In addition to the aforementioned measures, ROC and area under the ROC curve are also two major performance evaluation measures (132).

Common flaws in performance assessment via k-fold cross validation procedure

There are some important flaws in performance comparison based on k-fold cross validation, which can lead to a biased conclusion. As mentioned above, the data are randomly portioned into k distinct folds (subsets) in a k-fold CV procedure. Therefore, if only the train and test data of all the k folds are identical for two methods, the results of those methods are comparable.

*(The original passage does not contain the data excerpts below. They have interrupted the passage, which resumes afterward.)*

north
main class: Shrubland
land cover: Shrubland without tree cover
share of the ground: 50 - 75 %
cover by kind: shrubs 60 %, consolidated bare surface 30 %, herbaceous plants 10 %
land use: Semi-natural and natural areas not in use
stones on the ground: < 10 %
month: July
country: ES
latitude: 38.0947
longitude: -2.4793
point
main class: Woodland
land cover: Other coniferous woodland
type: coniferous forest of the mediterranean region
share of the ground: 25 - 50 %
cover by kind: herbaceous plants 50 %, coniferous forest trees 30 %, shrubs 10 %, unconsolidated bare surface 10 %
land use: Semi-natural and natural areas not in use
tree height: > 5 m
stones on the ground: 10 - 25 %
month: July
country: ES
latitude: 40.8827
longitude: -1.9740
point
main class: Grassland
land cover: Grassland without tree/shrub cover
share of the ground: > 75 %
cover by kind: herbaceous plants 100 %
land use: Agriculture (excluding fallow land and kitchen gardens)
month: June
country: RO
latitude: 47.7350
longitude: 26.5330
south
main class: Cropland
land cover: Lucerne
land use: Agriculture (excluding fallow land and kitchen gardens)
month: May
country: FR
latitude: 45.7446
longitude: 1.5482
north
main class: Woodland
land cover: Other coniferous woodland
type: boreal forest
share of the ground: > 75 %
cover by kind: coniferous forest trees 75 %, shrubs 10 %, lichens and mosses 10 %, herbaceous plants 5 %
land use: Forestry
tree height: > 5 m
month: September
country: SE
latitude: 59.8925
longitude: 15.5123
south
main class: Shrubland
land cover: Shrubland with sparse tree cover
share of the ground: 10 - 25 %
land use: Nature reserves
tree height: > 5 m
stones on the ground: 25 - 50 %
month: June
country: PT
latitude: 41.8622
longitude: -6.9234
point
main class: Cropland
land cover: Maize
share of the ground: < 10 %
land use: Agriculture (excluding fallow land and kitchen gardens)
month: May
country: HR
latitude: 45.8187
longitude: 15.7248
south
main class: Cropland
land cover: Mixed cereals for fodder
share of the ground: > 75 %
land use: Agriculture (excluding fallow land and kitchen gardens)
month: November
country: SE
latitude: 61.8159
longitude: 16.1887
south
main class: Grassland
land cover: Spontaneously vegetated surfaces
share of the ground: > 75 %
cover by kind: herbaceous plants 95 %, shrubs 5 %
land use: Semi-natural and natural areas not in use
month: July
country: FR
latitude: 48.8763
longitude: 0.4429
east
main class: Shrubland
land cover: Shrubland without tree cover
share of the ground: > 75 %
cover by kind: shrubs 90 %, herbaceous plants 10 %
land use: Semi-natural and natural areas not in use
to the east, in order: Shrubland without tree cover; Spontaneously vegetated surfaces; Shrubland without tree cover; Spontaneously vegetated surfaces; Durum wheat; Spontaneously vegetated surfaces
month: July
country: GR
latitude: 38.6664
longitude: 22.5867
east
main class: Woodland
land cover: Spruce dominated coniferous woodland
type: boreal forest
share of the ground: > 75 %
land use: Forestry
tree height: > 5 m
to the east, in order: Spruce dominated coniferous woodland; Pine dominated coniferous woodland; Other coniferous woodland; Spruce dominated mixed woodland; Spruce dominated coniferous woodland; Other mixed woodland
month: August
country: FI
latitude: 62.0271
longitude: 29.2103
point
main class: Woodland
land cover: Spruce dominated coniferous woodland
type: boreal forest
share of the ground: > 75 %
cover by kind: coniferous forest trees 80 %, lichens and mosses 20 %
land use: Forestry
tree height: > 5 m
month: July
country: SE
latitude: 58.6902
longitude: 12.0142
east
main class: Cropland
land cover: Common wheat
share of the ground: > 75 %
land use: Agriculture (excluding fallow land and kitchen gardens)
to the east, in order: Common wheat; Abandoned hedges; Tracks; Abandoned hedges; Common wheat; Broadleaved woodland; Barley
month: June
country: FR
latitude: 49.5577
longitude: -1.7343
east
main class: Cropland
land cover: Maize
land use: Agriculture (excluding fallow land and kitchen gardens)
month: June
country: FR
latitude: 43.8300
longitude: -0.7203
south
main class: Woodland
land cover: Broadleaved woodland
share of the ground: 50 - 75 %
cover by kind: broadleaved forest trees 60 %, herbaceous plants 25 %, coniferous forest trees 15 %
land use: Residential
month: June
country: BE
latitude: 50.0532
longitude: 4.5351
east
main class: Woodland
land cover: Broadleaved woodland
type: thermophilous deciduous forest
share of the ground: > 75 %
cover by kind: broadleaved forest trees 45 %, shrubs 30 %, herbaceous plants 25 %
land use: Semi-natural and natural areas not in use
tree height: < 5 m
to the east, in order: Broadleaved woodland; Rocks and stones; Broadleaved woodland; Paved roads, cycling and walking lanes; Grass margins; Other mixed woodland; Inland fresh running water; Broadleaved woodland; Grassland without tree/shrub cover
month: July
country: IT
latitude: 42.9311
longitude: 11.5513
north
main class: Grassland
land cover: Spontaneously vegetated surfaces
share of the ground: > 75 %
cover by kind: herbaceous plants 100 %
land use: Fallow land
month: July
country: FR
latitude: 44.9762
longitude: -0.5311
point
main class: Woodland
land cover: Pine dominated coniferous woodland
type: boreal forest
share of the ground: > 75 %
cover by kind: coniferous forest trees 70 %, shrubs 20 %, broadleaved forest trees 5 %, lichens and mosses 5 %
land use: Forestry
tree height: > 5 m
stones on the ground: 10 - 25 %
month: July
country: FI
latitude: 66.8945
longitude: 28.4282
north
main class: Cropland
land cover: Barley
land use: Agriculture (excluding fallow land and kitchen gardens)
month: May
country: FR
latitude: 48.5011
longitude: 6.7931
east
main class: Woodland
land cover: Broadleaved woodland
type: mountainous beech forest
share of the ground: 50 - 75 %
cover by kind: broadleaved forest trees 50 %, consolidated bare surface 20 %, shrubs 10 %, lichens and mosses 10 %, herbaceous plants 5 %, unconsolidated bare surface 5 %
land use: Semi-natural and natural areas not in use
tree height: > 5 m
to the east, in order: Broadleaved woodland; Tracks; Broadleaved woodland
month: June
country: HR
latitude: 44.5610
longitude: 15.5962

However, many studies compare their k-fold CV results without satisfying this condition. Another common flaw is using the same data for parameter tuning (and feature selection) and for performance evaluation. In such situation, the performance of the predictor is overestimated, and the classifier will perform poorly on the unseen samples.

Independent test

In the presence of enough data for the PTMs, which usually are available except for newly discovered PTMs, some studies carry out an independent test experiment. In this experiment, a dataset of positive and negative samples is assembled (or a benchmark dataset may be used) as an independent test data, which have not been used in any of the previous steps, and the performance of the classifier is evaluated again using this dataset. Usually, the performance on an independent test set is lower than that of k-fold CV and is a better estimation of the real-world performance of a method. To show the strength of the proposed methods in real-world biological problems, some studies use their trained models on a set of biologically important proteins, which have recently been studied, to indicate that their method can effectively detect the newly reported and experimentally validated PTMs.

Tools for PTM prediction

Considering the high cost of experimental identification of PTMs, in recent years, many computational methods have been proposed for the prediction of PTMs. Many of these methods have been introduced as publicly accessible tools. Figure 7 provides a comprehensive list of these tools. In addition to the PTM prediction tools, Nickchi etal. proposed the ‘Post-translational modification Enrichment Integration and Matching Analysis’ (PEIMAN) software for carrying out PTM enrichment analysis on proteins (26). PEIMAN is a publicly accessible standalone software (http://bs.ipm.ir/softwares/PEIMAN/) that uses the UniProtKB database to extract PTM terms. In addition to the enrichment analysis, PEIMAN also performs a comparative analysis. In this case, PEIMAN gives two distinct lists of proteins and then integrates the enrichment results and provides a list of highly enriched terms of both protein sets.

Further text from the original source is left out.